====== TASK DATA ======

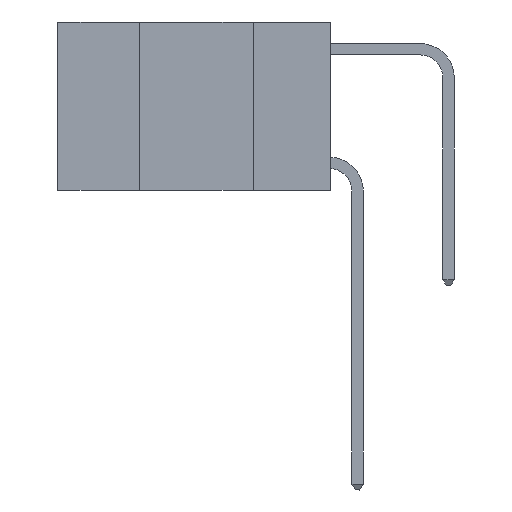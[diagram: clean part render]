
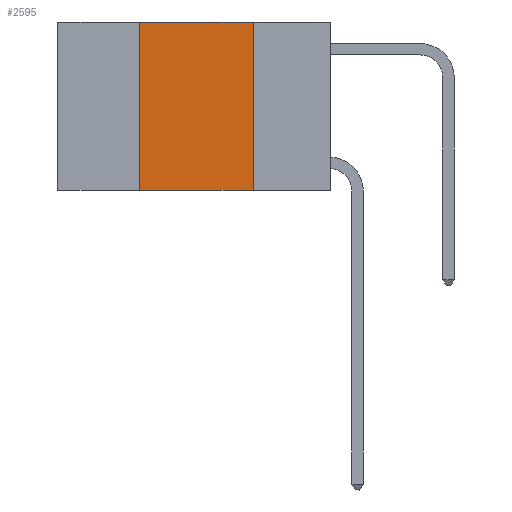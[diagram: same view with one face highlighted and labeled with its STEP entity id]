
A CAD part, left-side view. The second image highlights one B-rep face of the part: STEP entity #2595.
In plain terms, the highlighted planar face has unit normal (-1, 0, 0).
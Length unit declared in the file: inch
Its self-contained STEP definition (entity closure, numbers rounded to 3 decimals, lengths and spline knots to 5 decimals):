
#345 = EDGE_CURVE ( 'NONE', #946, #6550, #12665, .T. ) ;
#781 = CARTESIAN_POINT ( 'NONE',  ( 0., 0.17, 0. ) ) ;
#809 = CARTESIAN_POINT ( 'NONE',  ( 0., 0.6, -0.37 ) ) ;
#894 = DIRECTION ( 'NONE',  ( 1., 0., 0. ) ) ;
#946 = VERTEX_POINT ( 'NONE', #6312 ) ;
#1163 = LINE ( 'NONE', #7136, #9543 ) ;
#1890 = EDGE_CURVE ( 'NONE', #6550, #12538, #6703, .T. ) ;
#2595 = ADVANCED_FACE ( 'NONE', ( #10428 ), #5444, .F. ) ;
#3568 = CARTESIAN_POINT ( 'NONE',  ( 0., 0.42, 0. ) ) ;
#4052 = CARTESIAN_POINT ( 'NONE',  ( 0., 0.42, 0. ) ) ;
#4871 = DIRECTION ( 'NONE',  ( 0., 0., 1. ) ) ;
#5444 = PLANE ( 'NONE',  #7149 ) ;
#5879 = EDGE_LOOP ( 'NONE', ( #10898, #11711, #12891, #10532 ) ) ;
#6312 = CARTESIAN_POINT ( 'NONE',  ( 0., 0.42, -0.37 ) ) ;
#6531 = VECTOR ( 'NONE', #11635, 39.37008 ) ;
#6550 = VERTEX_POINT ( 'NONE', #4052 ) ;
#6703 = LINE ( 'NONE', #10179, #9444 ) ;
#7136 = CARTESIAN_POINT ( 'NONE',  ( 0., 0.17, 0. ) ) ;
#7149 = AXIS2_PLACEMENT_3D ( 'NONE', #10655, #894, #8595 ) ;
#8515 = EDGE_CURVE ( 'NONE', #12538, #8671, #1163, .T. ) ;
#8595 = DIRECTION ( 'NONE',  ( 0., 0., -1. ) ) ;
#8671 = VERTEX_POINT ( 'NONE', #9402 ) ;
#9288 = LINE ( 'NONE', #809, #6531 ) ;
#9402 = CARTESIAN_POINT ( 'NONE',  ( 0., 0.17, -0.37 ) ) ;
#9444 = VECTOR ( 'NONE', #12781, 39.37008 ) ;
#9543 = VECTOR ( 'NONE', #12245, 39.37008 ) ;
#9968 = VECTOR ( 'NONE', #4871, 39.37008 ) ;
#10179 = CARTESIAN_POINT ( 'NONE',  ( 0., 0.6, 0. ) ) ;
#10428 = FACE_OUTER_BOUND ( 'NONE', #5879, .T. ) ;
#10532 = ORIENTED_EDGE ( 'NONE', *, *, #13388, .T. ) ;
#10655 = CARTESIAN_POINT ( 'NONE',  ( 0., 0.6, 0. ) ) ;
#10898 = ORIENTED_EDGE ( 'NONE', *, *, #8515, .F. ) ;
#11635 = DIRECTION ( 'NONE',  ( 0., -1., 0. ) ) ;
#11711 = ORIENTED_EDGE ( 'NONE', *, *, #1890, .F. ) ;
#12245 = DIRECTION ( 'NONE',  ( 0., 0., -1. ) ) ;
#12538 = VERTEX_POINT ( 'NONE', #781 ) ;
#12665 = LINE ( 'NONE', #3568, #9968 ) ;
#12781 = DIRECTION ( 'NONE',  ( 0., -1., 0. ) ) ;
#12891 = ORIENTED_EDGE ( 'NONE', *, *, #345, .F. ) ;
#13388 = EDGE_CURVE ( 'NONE', #946, #8671, #9288, .T. ) ;
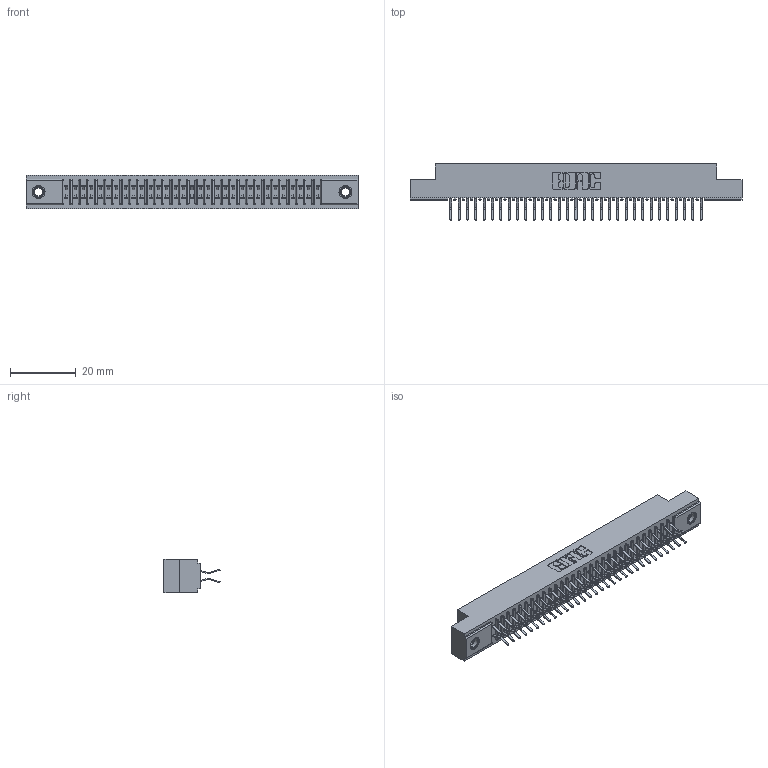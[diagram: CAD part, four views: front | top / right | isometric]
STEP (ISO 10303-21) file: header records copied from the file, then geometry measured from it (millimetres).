
FILE_DESCRIPTION (( 'STEP AP203' ), '1' );
FILE_NAME ('341-062-556-207.STEP', '2018-08-07T18:02:30', ( '' ), ( '' ), 'SwSTEP 2.0', 'SolidWorks 2016', '' );
FILE_SCHEMA (( 'CONFIG_CONTROL_DESIGN' ));
Length unit declared in the file: inch
Products named in the file (4): 341 Part_.156 (3.96) Dia Mounting Holes; 341-292-001_341-292-156; 345-250-001_345-250-005-103; 341-062-556-207
Assembly tree (65 placements, depth 2):
  341-062-556-207
    341 Part_.156 (3.96) Dia Mounting Holes
    341-292-001_341-292-156  x62
    345-250-001_345-250-005-103  x2
Bounding box: 100.97 x 17.07 x 10.16 mm (x, y, z)
Volume: 7452.3 mm3; surface area: 13065 mm2
Topology: 65 solids, 65 shells, 4516 faces, 13069 edges, 8474 vertices
Faces by surface type: plane 2580, cylinder 1796, sphere 64, torus 64, cone 12
Entity records: 40307 total; most frequent: CARTESIAN_POINT 6684, ORIENTED_EDGE 6634, DIRECTION 6509, EDGE_CURVE 3317, VECTOR 2659, LINE 2659, VERTEX_POINT 2100, AXIS2_PLACEMENT_3D 1925
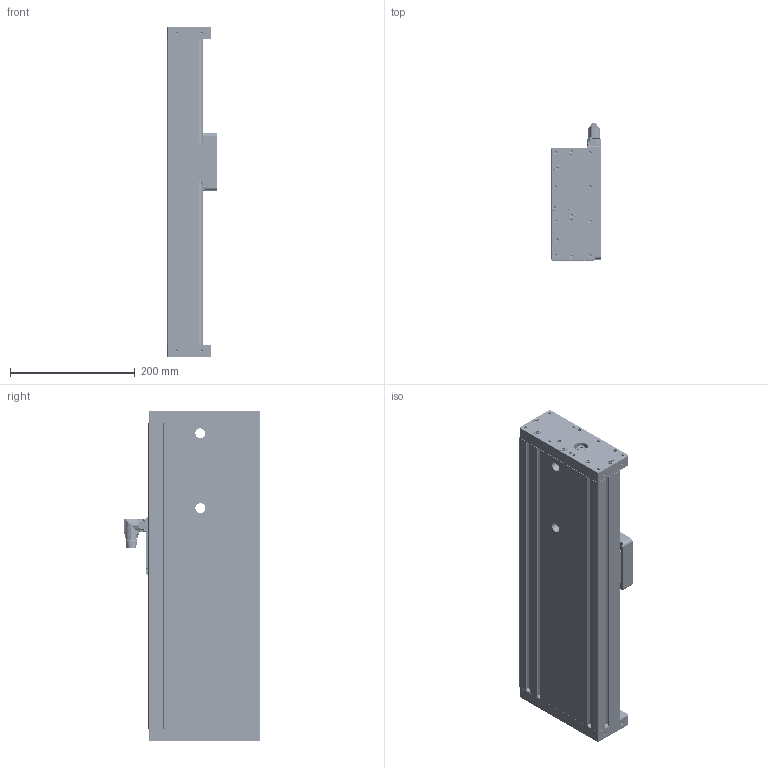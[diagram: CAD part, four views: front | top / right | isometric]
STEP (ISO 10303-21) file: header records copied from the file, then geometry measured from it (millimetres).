
FILE_DESCRIPTION (( 'STEP AP214' ), '1' );
FILE_NAME ('0186-1438_250508_EM01-37-530_395_1CE37Sx60-HP-BE01-MD01-R.STEP', '2025-05-08T11:28:34', ( '' ), ( '' ), 'SwSTEP 2.0', 'SolidWorks 2024', '' );
FILE_SCHEMA (( 'AUTOMOTIVE_DESIGN' ));
Length unit declared in the file: millimetre
Products named in the file (27): 0186-0331_PS01-37Sx60-L; 0160-0844_Lins.-Schr_I-6rd_M2.5x8_INOX; 0186-1438_250508_EM01-37-530_395_1CE37Sx60-HP-BE01-MD01-R; 0180-3476_EM01k-37S-AV; 0230-1151_O-Ring 19.00x3.5_NBR70_schwarz; 0180-3475_EM01k-37S-AH; 0150-2189_Hammermutter N8!M4; 0230-0320_Zyl.-Schr_I-6kt_n-K_M8x25_8.8_v-b; 0230-0205_zyl.-schr._i-6kt_M5x45_8.8_v-b; 0186-0803_PL01-20x505!460-HP-PF_PL01-20x505!460-HP-PF; 0230-0791_Zyl.-schr_i-6kt_M4x18_12.9_schwarz; 0150-4722_K05-R!N-0.18-FWK; 0230-0433_LLTHC 15 U-T0 P5; MC01-Rw!m_fuss_Fuss; 0230-0231_Zyl.-Stift_5x20_STAHL-GH; 0186-1744_EM01-37-530; 0150-3128_MC01-Rw!m_KOPF; 0160-0072_ES01k-37Sx490_ES01k-37Sx490; Baugr12^0186-1621_CE37Sx60-HP-BE01-MD01-R; 0160-0806_Kugelscheibe_M8 x17x 8.4_Stahl; 0230-0041_zyl.-schr._i-6kt_M4x16_8.8_v-b; 0150-3128_MC01-Rw!m_FUSS; 112739-7; 0180-2459_E01k-37Sx60-APFix-W; 0160-4607_LR01-15x488; 0186-1621_CE37Sx60-HP-BE01-MD01-R; 0230-0037_Zyl.-Schr._i-6kt_M6x30_8.8_v-b
Assembly tree (84 placements, depth 6):
  0186-1438_250508_EM01-37-530_395_1CE37Sx60-HP-BE01-MD01-R
    0186-1744_EM01-37-530
      0160-0072_ES01k-37Sx490_ES01k-37Sx490
      0180-3476_EM01k-37S-AV
      0180-3475_EM01k-37S-AH
      0230-0037_Zyl.-Schr._i-6kt_M6x30_8.8_v-b  x10
      0230-0320_Zyl.-Schr_I-6kt_n-K_M8x25_8.8_v-b
      0160-0806_Kugelscheibe_M8 x17x 8.4_Stahl  x2
      0230-0231_Zyl.-Stift_5x20_STAHL-GH  x4
      0160-4607_LR01-15x488  x2
      0186-0803_PL01-20x505!460-HP-PF_PL01-20x505!460-HP-PF
      0230-0041_zyl.-schr._i-6kt_M4x16_8.8_v-b  x16
      0150-2189_Hammermutter N8!M4  x16
      0230-1151_O-Ring 19.00x3.5_NBR70_schwarz
    0186-1621_CE37Sx60-HP-BE01-MD01-R
      Baugr12^0186-1621_CE37Sx60-HP-BE01-MD01-R
        0180-2459_E01k-37Sx60-APFix-W
        0186-0331_PS01-37Sx60-L
        0230-0205_zyl.-schr._i-6kt_M5x45_8.8_v-b  x2
        0150-4722_K05-R!N-0.18-FWK
          0160-0844_Lins.-Schr_I-6rd_M2.5x8_INOX  x4
          0150-3128_MC01-Rw!m_FUSS
            112739-7
            MC01-Rw!m_fuss_Fuss
          0150-3128_MC01-Rw!m_KOPF
            112739-7
            MC01-Rw!m_fuss_Fuss
        0230-0433_LLTHC 15 U-T0 P5  x2
        0230-0791_Zyl.-schr_i-6kt_M4x18_12.9_schwarz  x8
Bounding box: 80 x 219.85 x 530 mm (x, y, z)
Volume: 3210357.5 mm3; surface area: 822231.2 mm2
Topology: 86 solids, 90 shells, 8512 faces, 20285 edges, 12074 vertices
Faces by surface type: plane 2655, cone 2361, cylinder 2320, bspline 1006, torus 166, sphere 4
Full cylindrical faces by diameter (mm): 0.6 x10, 1 x8, 1.1 x10, 2.05 x6, 2.1 x8, 2.4 x2, 2.7 x12, 3.2 x6, 3.3 x28, 4 x536, 4.2 x2, 4.3 x8, 4.5 x16, 4.8 x2, 5 x136, 5.4 x2, 5.5 x2, 6 x280, 6.4 x10, 6.6 x6, 6.8 x2, 7 x24, 7.5 x16, 8 x26, 8.4 x2, 8.5 x2, 9 x5, 10 x12, 10.5 x16, 13 x1
Entity records: 142032 total; most frequent: CARTESIAN_POINT 52811, ORIENTED_EDGE 16226, DIRECTION 14262, EDGE_CURVE 8113, VERTEX_POINT 5504, AXIS2_PLACEMENT_3D 5070, EDGE_LOOP 4601, LINE 4122

======

WORK ORDER:
List every line from the entries above in which "area" appears.

ANSWER SPACE:
Volume: 7452.3 mm3; surface area: 13065 mm2
Volume: 3210357.5 mm3; surface area: 822231.2 mm2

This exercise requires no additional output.